- [Data to process]
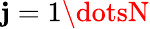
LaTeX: \mathbf{j}=1\dotsN
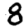
Digit: 8
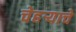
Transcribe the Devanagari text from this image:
चेहऱ्याचे
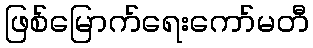
ဖြစ်မြောက်ရေးကော်မတီ
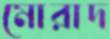
মোরাদ
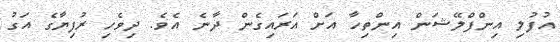
އުފުލި އިންފްލޭޝަން އިންތިހާ އަށް އަރައިގެން ދާނެ އެވެ. ދިވެހި ރުފިޔާގެ އަގު
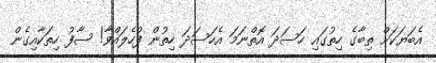
އެބަޔަކަށް ތިބާގެ ހިތުގަައި ހަސަދަ އޮތްނަމަ އެހަސަދަ ހިތުން ފުހެލައްވާ! ސާފު ހިތަކާއިގެން
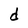
Character: d
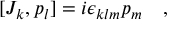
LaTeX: [ J _ { k } , p _ { l } ] = i \epsilon _ { k l m } p _ { m } ~ ~ ~ ,
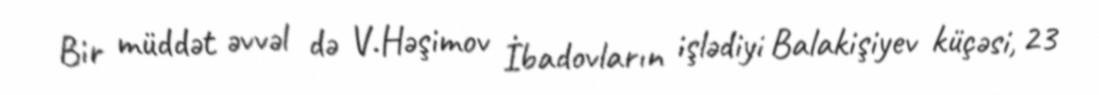
Bir müddət əvvəl də V.Həşimov İbadovların işlədiyi Balakişiyev küçəsi, 23
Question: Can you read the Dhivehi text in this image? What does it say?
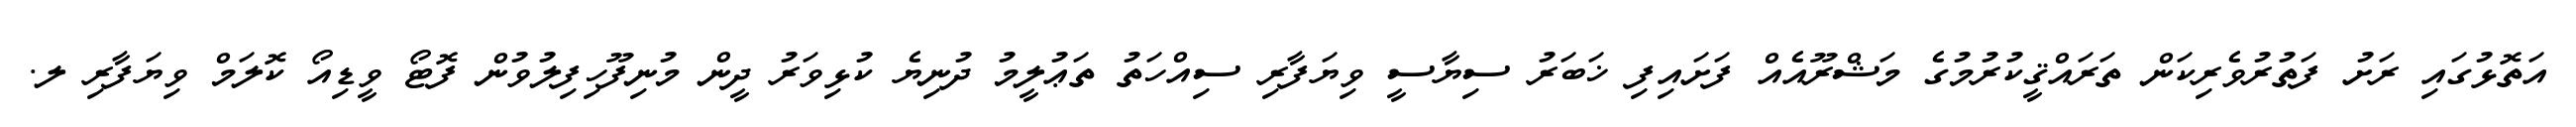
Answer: އަތޮޅުގައި ރަށު ފަތުރުވެރިކަން ތަރައްޤީކުރުމުގެ މަޝްރޫއެއް ފަށައިފި ޚަބަރު ސިޔާސީ ވިޔަފާރި ސިއްހަތު ތަޢުލީމު ދުނިޔެ ކުޅިވަރު ދީން މުނިފޫހިފިލުވުން ފޮޓޯ ވީޑިއޯ ކޮލަމް ވިޔަފާރި ލ.
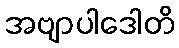
အဗျာပါဒေါတိ
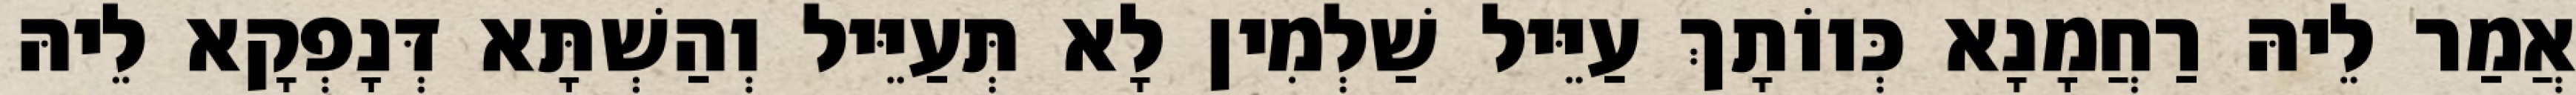
אֲמַר לֵיהּ רַחֲמָנָא כְּווֹתָךְ עַיֵּיל שַׁלְמִין לָא תְּעַיֵּיל וְהַשְׁתָּא דְּנָפְקָא לֵיהּ
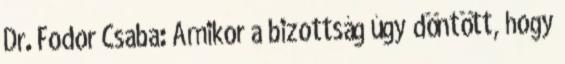
Dr. Fodor Csaba: Amikor a bizottság úgy döntött, hogy
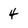
Character: 4
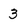
Character: 3
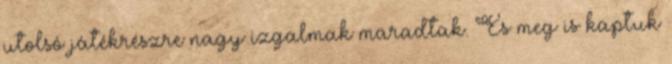
utolsó játékrészre nagy izgalmak maradtak. És meg is kaptuk
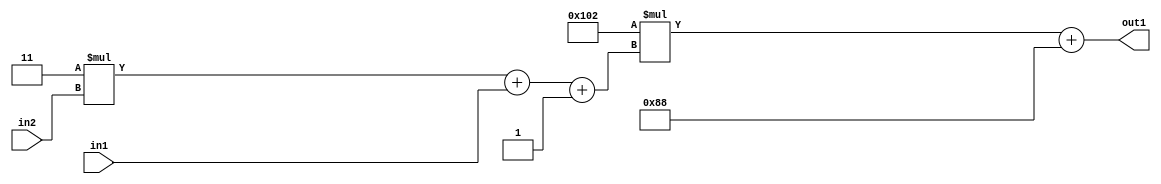
`timescale 1ps / 1ps
/*****************************************************************************
    Verilog RTL Description
    
    
    Created by: Stratus DpOpt 2019.1.01 
*******************************************************************************/

module DC_Filter_Add2i136Mul2i258Add3i1u1Mul2i3u2_4 (
	in2,
	in1,
	out1
	); /* architecture "behavioural" */ 
input [1:0] in2;
input  in1;
output [11:0] out1;
wire [11:0] asc001;
wire [3:0] asc002;

wire [3:0] asc002_tmp_0;
wire [3:0] asc002_tmp_1;
assign asc002_tmp_1 = 
	+(4'B0011 * in2);
assign asc002_tmp_0 = asc002_tmp_1
	+(in1);
assign asc002 = asc002_tmp_0
	+(4'B0001);

wire [11:0] asc001_tmp_2;
assign asc001_tmp_2 = 
	+(12'B000100000010 * asc002);
assign asc001 = asc001_tmp_2
	+(12'B000010001000);

assign out1 = asc001;
endmodule

/* CADENCE  vrP0Qg8= : u9/ySgnWtBlWxVPRXgAZ4Og= ** DO NOT EDIT THIS LINE ******/
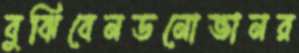
বুঝিবেনডনোভানর
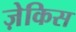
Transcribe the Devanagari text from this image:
ज़ेकिस
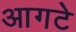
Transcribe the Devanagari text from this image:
आगटे
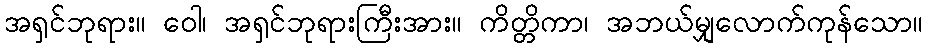
အရှင်ဘုရား။ ဝေါ၊ အရှင်ဘုရားကြီးအား။ ကိတ္တိကာ၊ အဘယ်မျှလောက်ကုန်သော။
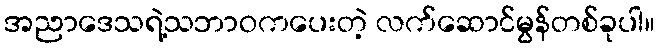
အညာဒေသရဲ့သဘာဝကပေးတဲ့ လက်ဆောင်မွန်တစ်ခုပါ။
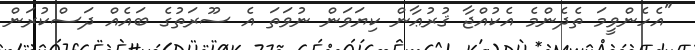
"އެހެންވީމަ ތެދެންމެ އެކުއްޖާ ޤުރުޢާން ކިޔަވަން ނުވަތަ އެ ސޫރަތުގެ ބައެއް ދަސްކުރަން
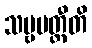
သဗ္ဗမတ္ထီတိ
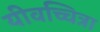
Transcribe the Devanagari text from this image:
यीवच्चित्रा
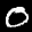
Label: 0
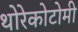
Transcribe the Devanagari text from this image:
थोरेकोटोमी
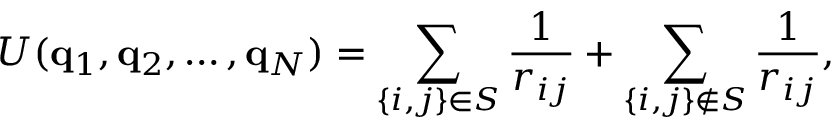
U ( \mathbf { q } _ { 1 } , \mathbf { q } _ { 2 } , \dots , \mathbf { q } _ { N } ) = \sum _ { \{ i , j \} \in { \cal S } } \frac { 1 } { r _ { i j } } + \sum _ { \{ i , j \} \not \in { \cal S } } \frac { 1 } { r _ { i j } } ,
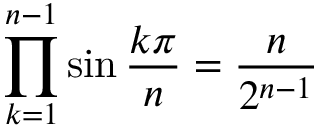
\prod _ { k = 1 } ^ { n - 1 } \sin { \frac { k \pi } { n } } = { \frac { n } { 2 ^ { n - 1 } } }
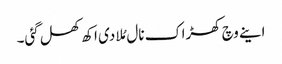
اینے وچ کھڑاک نال مُلا دی اکھ کھل گئی۔
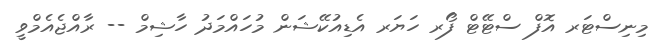
މިނިސްޓަރ އޮފް ސްޓޭޓް ފޯރ ހަޔަރ އެޑިއުކޭޝަން މުހައްމަދު ހާޝިމް -- ރާއްޖެއެމްވީ
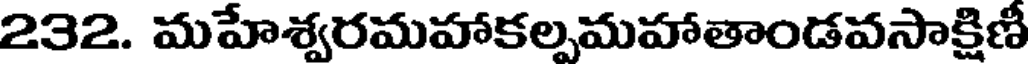
232. మహేశ్వరమహాకల్పమహాతాండవసాక్షిణీ
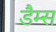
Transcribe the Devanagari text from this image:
डैम्स
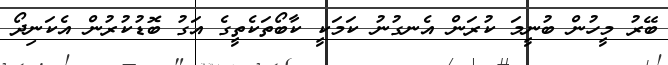
ބޭރު މީހުން ބުނީމަ ކުރަން އެނގުނު ކަމަކީ ކާބޯތަކެތީގެ އަގު ބޮޑުކުރުން އެކަނިދޯ
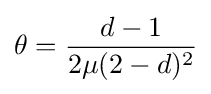
\theta ={\frac {d-1}{2\mu (2-d)^{2}}}
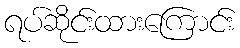
ရပ်ဆိုင်းထားကြောင်း
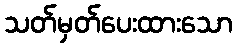
သတ်မှတ်ပေးထားသော
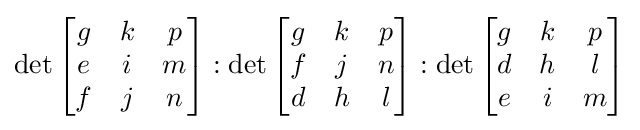
\det {\begin{bmatrix}g&k&p\\e&i&m\\f&j&n\end{bmatrix}}:\det {\begin{bmatrix}g&k&p\\f&j&n\\d&h&l\end{bmatrix}}:\det {\begin{bmatrix}g&k&p\\d&h&l\\e&i&m\end{bmatrix}}
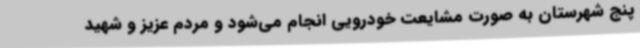
پنج شهرستان به صورت مشایعت خودرویی انجام می‌شود و مردم عزیز و شهید
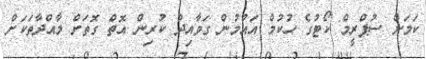
ކަމަށް ސުޕްރީމް ކޯޓުގެ ހުކުމް އައުމުން ގަވާއިދު ކުރިން އޮތް ގޮތަށް މާއްދާތަކަށް
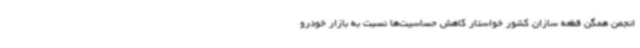
انجمن همگن قطعه سازان کشور خواستار کاهش حساسیت‌ها نسبت به بازار خودرو
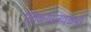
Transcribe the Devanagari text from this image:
पुतळ्याजवळ५७
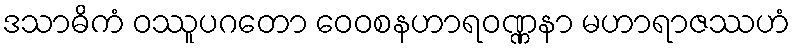
ဒသာဓိကံ ဝဿူပဂတော ဝေဝစနဟာရဝဏ္ဏနာ မဟာရာဇဿဟံ

- [What you have to do]
Retrieve all lines from the data that contain the string "assign".

- [Answer for this exercise]
assign asc002_tmp_1 = 
assign asc002_tmp_0 = asc002_tmp_1
assign asc002 = asc002_tmp_0
assign asc001_tmp_2 = 
assign asc001 = asc001_tmp_2
assign out1 = asc001;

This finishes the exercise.